What all of these firms, large and small, have in common is lots of data but few data science resources and very limited compute. This is where the true power of GraphLab with AWS comes into view. With the scaling barrier removed, big data finally moves past hype to a very real source of inspired products.
Ten years from now how do you predict machine learning will be used to drive big data insights?

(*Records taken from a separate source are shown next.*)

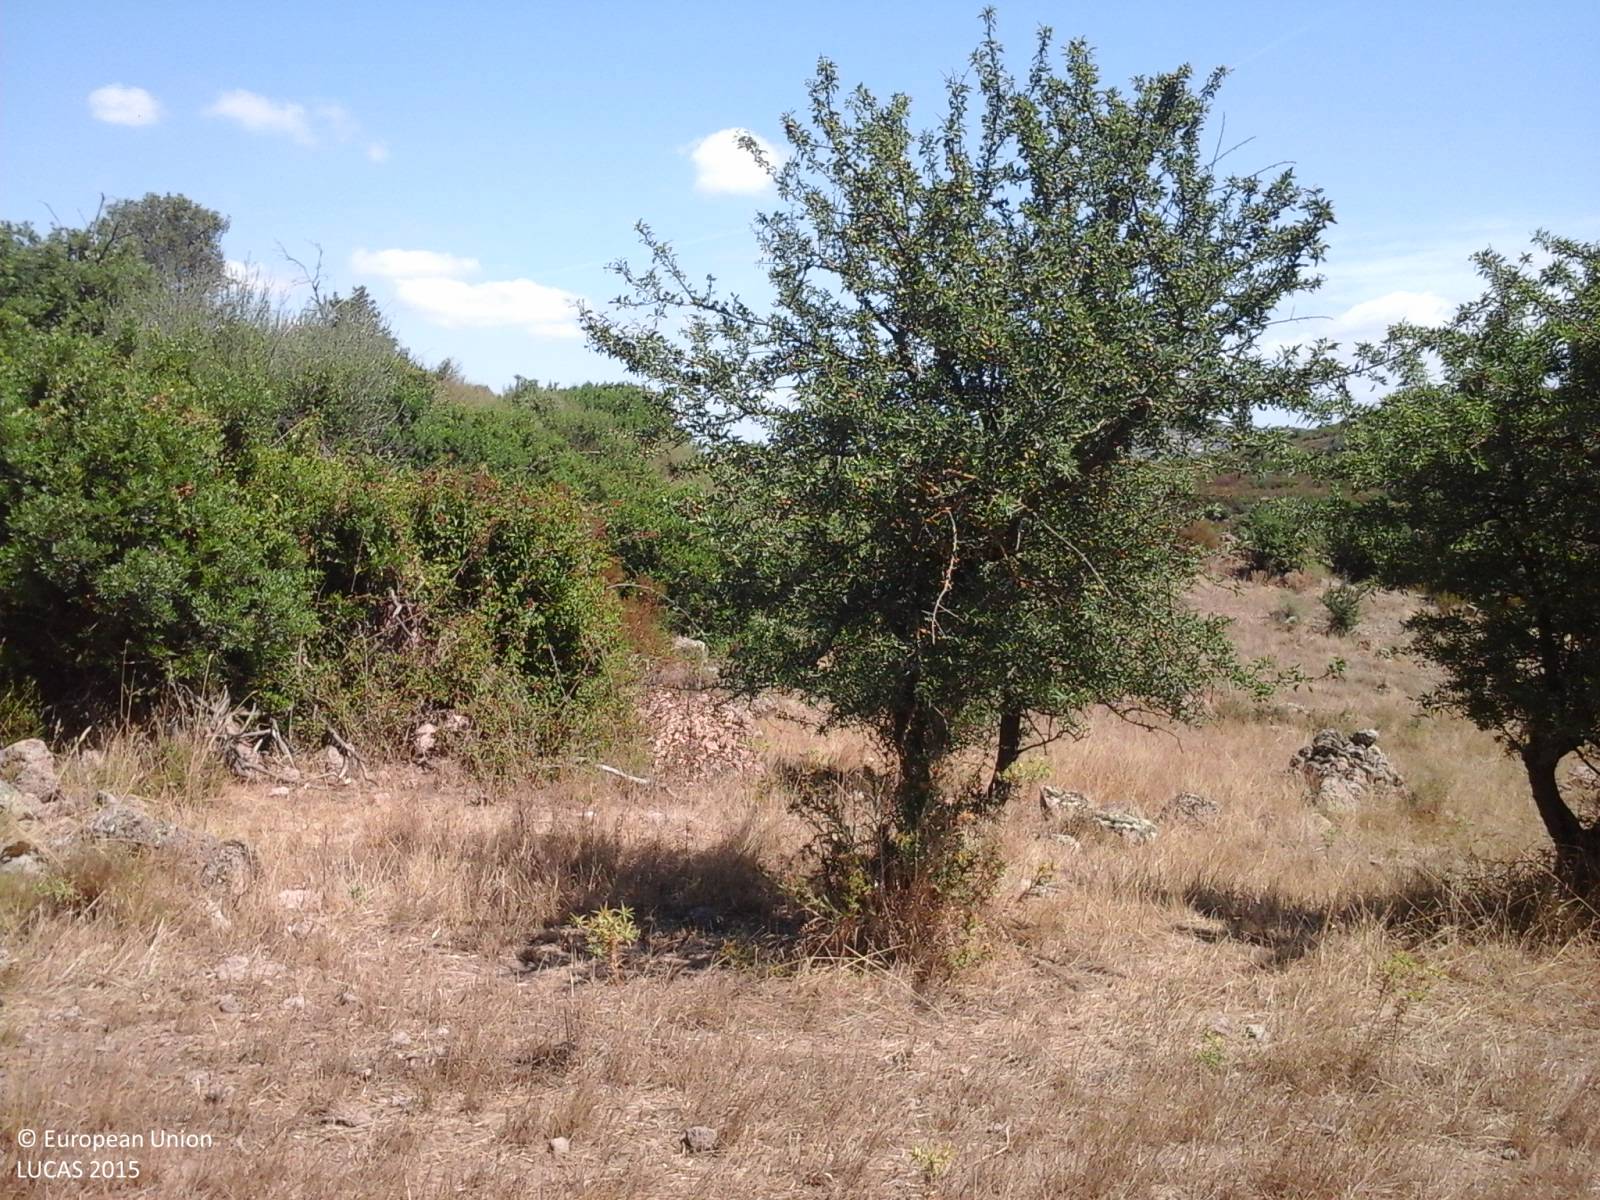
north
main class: Grassland
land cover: Grassland with sparse tree/shrub cover
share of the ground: 25 - 50 %
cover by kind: herbaceous plants 85 %, shrubs 10 %, broadleaved forest trees 5 %
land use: Agriculture (excluding fallow land and kitchen gardens)
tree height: < 5 m
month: July
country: IT
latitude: 40.5144
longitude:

In a decade, machine learning will be accessible to many more people than the data scientists and skilled engineers who are the most productive with it today. Business analysts and line-of-business owners, for instance, will come to rely on predictive services for near real-time access to conditions that affect profit. Service providers in the government, health care, and private sectors will be able to customize products to the needs of individuals. It is also likely that awareness of machine learning and its impact to data-driven decision making will become mainstream enough for nontechnical persons to understand its value as a significant differentiator of products and services.
What’s next for GraphLab?
GraphLab is on a journey to democratize machine learning and aims to be instrumental in actualizing the ten-year vision discussed. In the short term, we are looking forward to making version 1.0 of our flagship product, GraphLab Create, generally available on October 15. With this initial commercial offering, the power of data science will be delivered to the hands of every organization, and many more big data aspirations will make their way to production by means of GraphLab.